A street gospel preacher may be arrested for speaking ‘hate crime’ if someone chooses to be offended (God only had one Son, and he made him a gospel preacher; Mark 1:38). There is clearly an undercurrent of latent hostility to Christianity in this country, shown in many subtle ways. Where will it lead?
I am not trying to suggest a league table of atrocities – all are vile. But, world-wide and on a purely numerical basis, the atrocities inflicted on Christians – violence, eviction, abduction, captivity, rape, imprisonment, murder – far exceed crimes committed against any other group because of their religious faith.
I am convinced that, although there may be other factors involved, anti-Semitism and anti-Christian hostility are primarily from the same manger – literally. Christ was a Jew, fully immersed in the historic Jewish scriptures. In spite of the tinsel-clad nativity scenes ‘in the bleak mid-winter’, with shepherds with tea-towels on their heads, and three kings from the orient (they weren’t kings, but astrologers/astronomers, and all we know is that there were more than one), the baby grew into a man who was ‘despised and rejected’.

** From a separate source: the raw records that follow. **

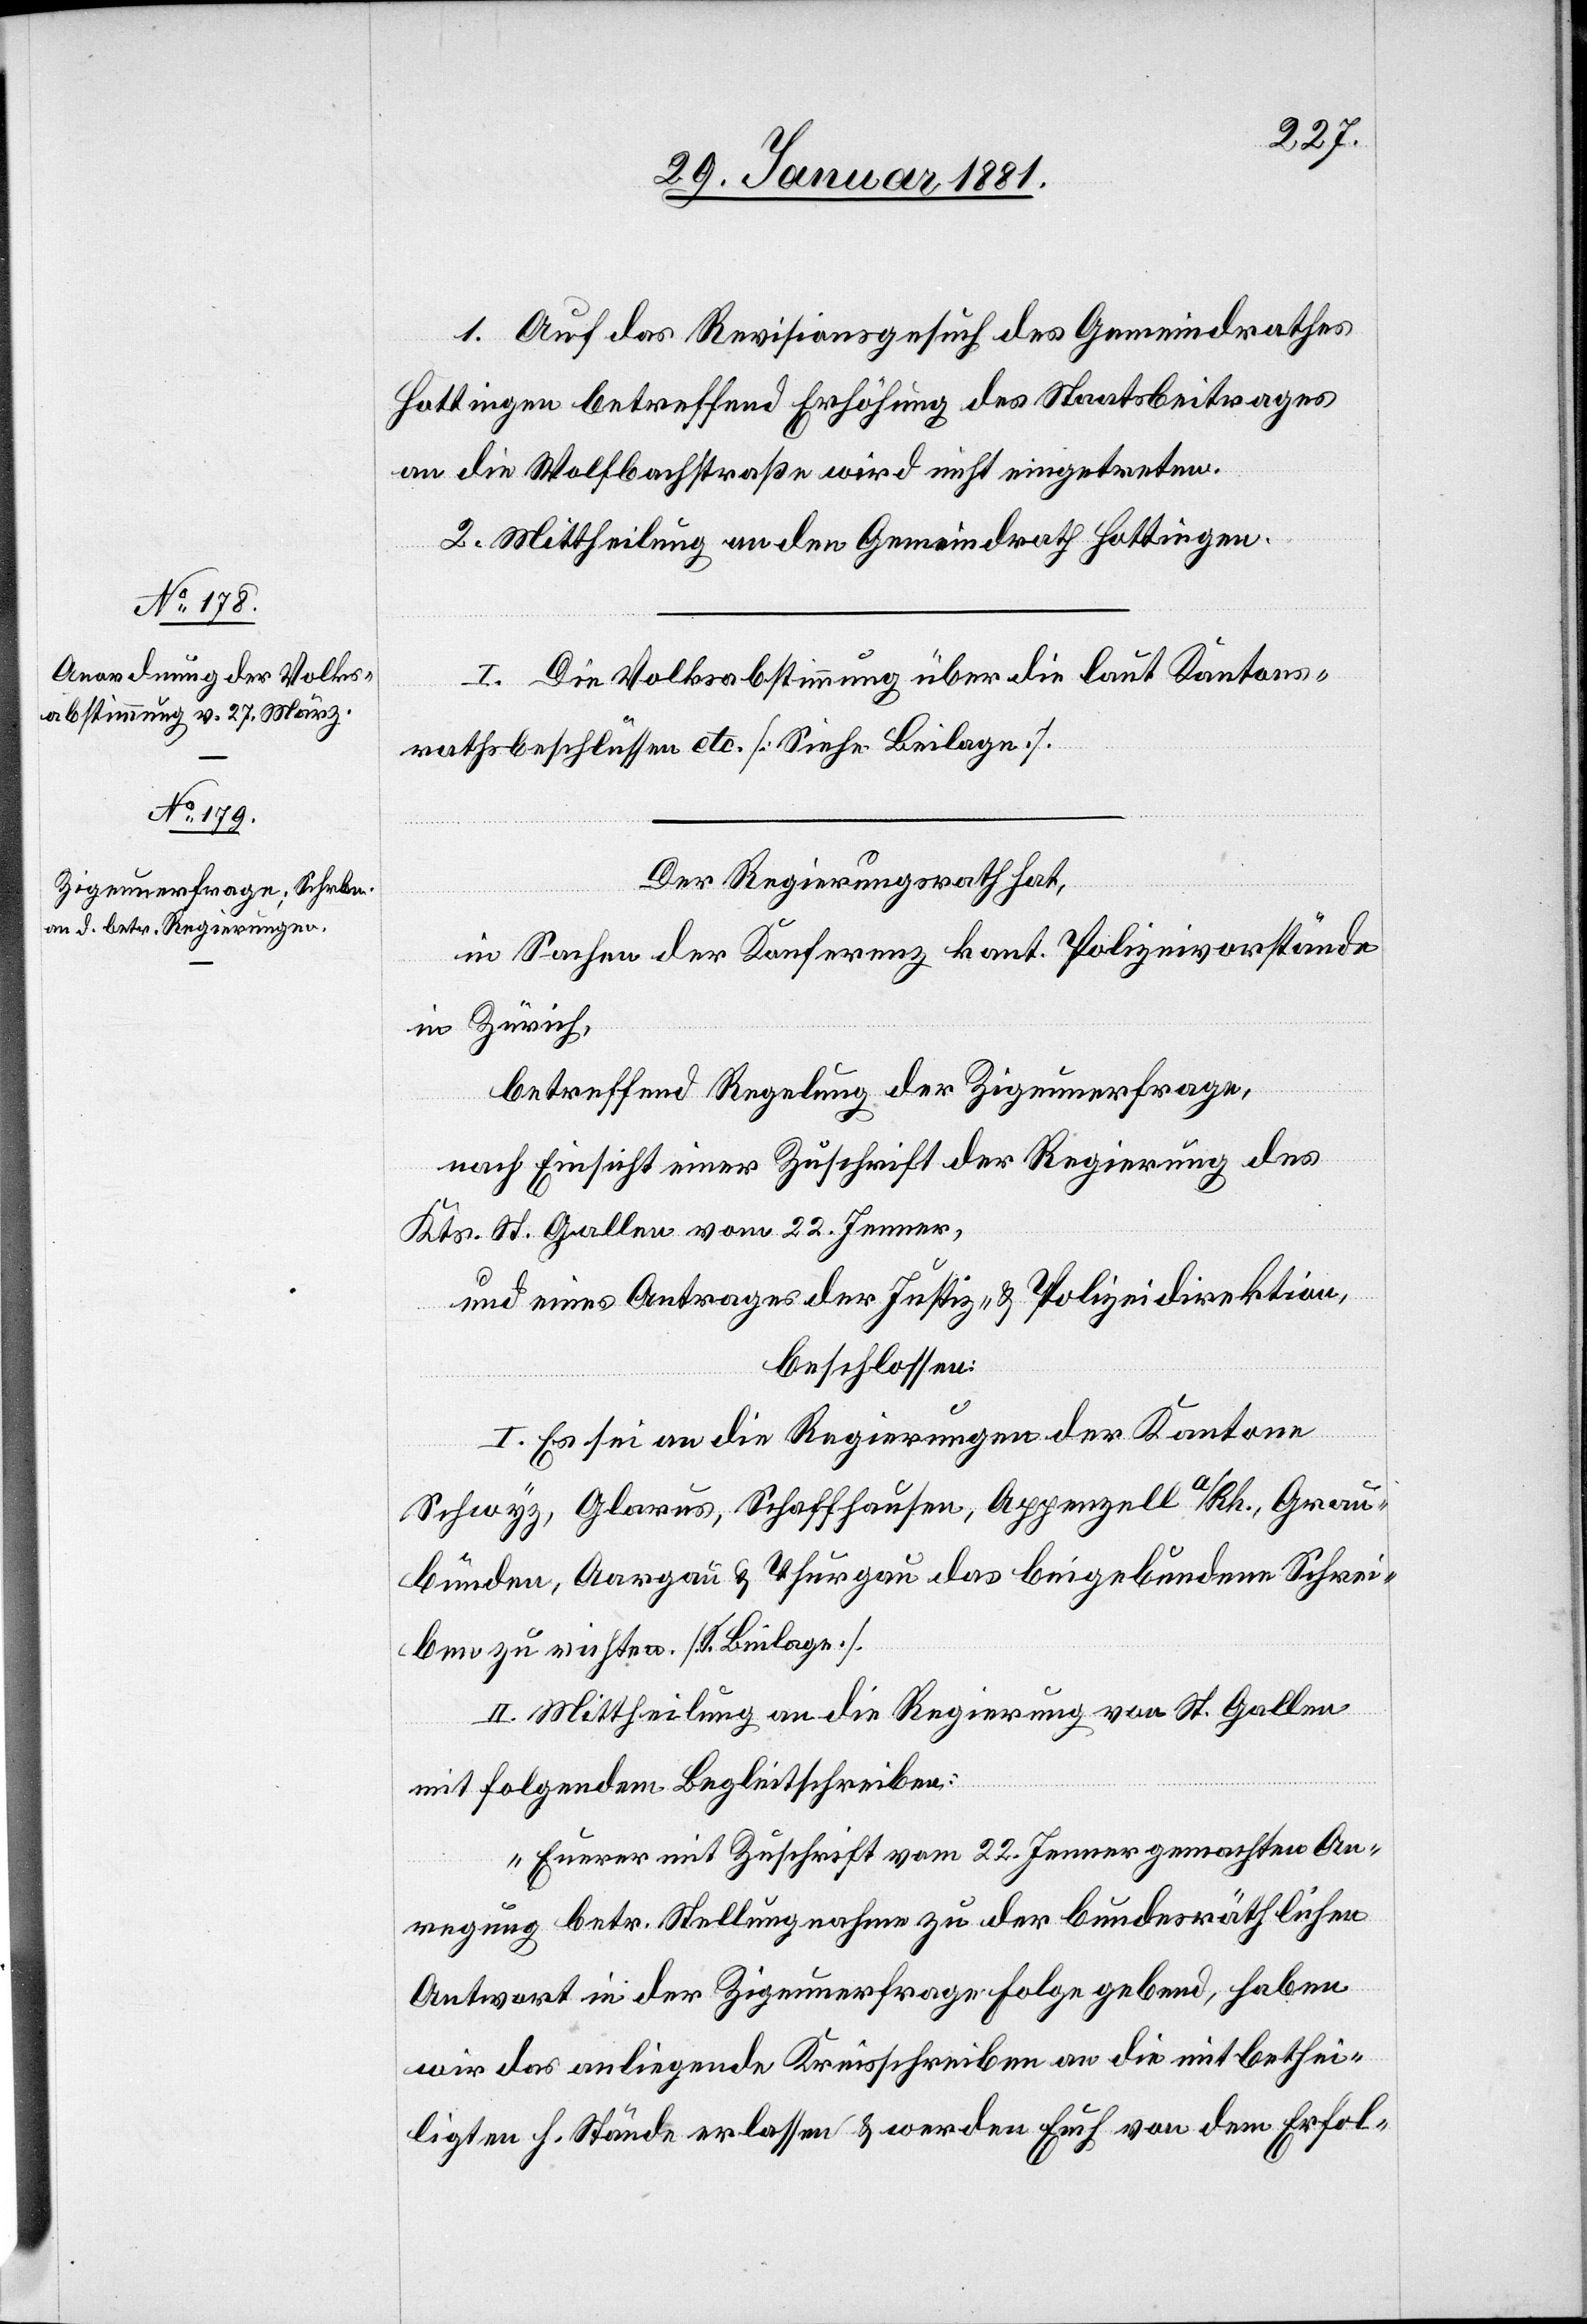
1. Auf das Revisionsgesuch des Gemeindrathes
Hottingen betreffend Erhöhung des Staatsbeitrages
an die Wolfbergstraße wird nicht eingetreten.
2. Mittheilung an den Gemeindrath Hottingen.
Der Regierungsrath hat,
in Sachen der Konferenz kant. Polizeivorstände
in Zürich,
betreffend Regelung der Zigeunerfrage,
nach Einsicht einer Zuschrift der Regierung des
Kts. St. Gallen vom 22. Jenner,
und eines Antrages der Justiz- & Polizeidirektion,
beschlossen:
I. Es sei an die Regierungen der Kantone
Schwyz, Glarus, Schaffhausen, Appenzell a/Rh., Grau¬
bünden, Aargau & Thurgau das beigebundene Schrei¬
ben zu richten. [S. Beilage]
II. Mittheilung an die Regierung von St. Gallen
mit folgendem Begleitschreiben:
Eurer mit Zuschrift vom 22. Jenner gemachten An¬
regung betr. Stellungsnahme zu der bundesräthlichen
Antwort in der Zigeunerfrage Folge gebend, haben
wir das anliegende Kreisschreiben an die mitbethei¬
ligten h. Stände erlassen & werden Euch von dem Erfol-

In the traditional Service of Nine Lessons and Carols, the last lesson is from John 1:10-14. ‘He was in the world, and though the world was made by him, the world did not recognise him. He came to that which was his own, but his own did not receive him.’
We now live in a world which has rejected Christ, who told his disciples: ‘If the world hates you, keep in mind that it hated me first’ (John 15:18).
I am convinced that this is the real ‘oldest hatred’, as demonstrated throughout the world today, whether it be anti-Semitic or anti-Christian.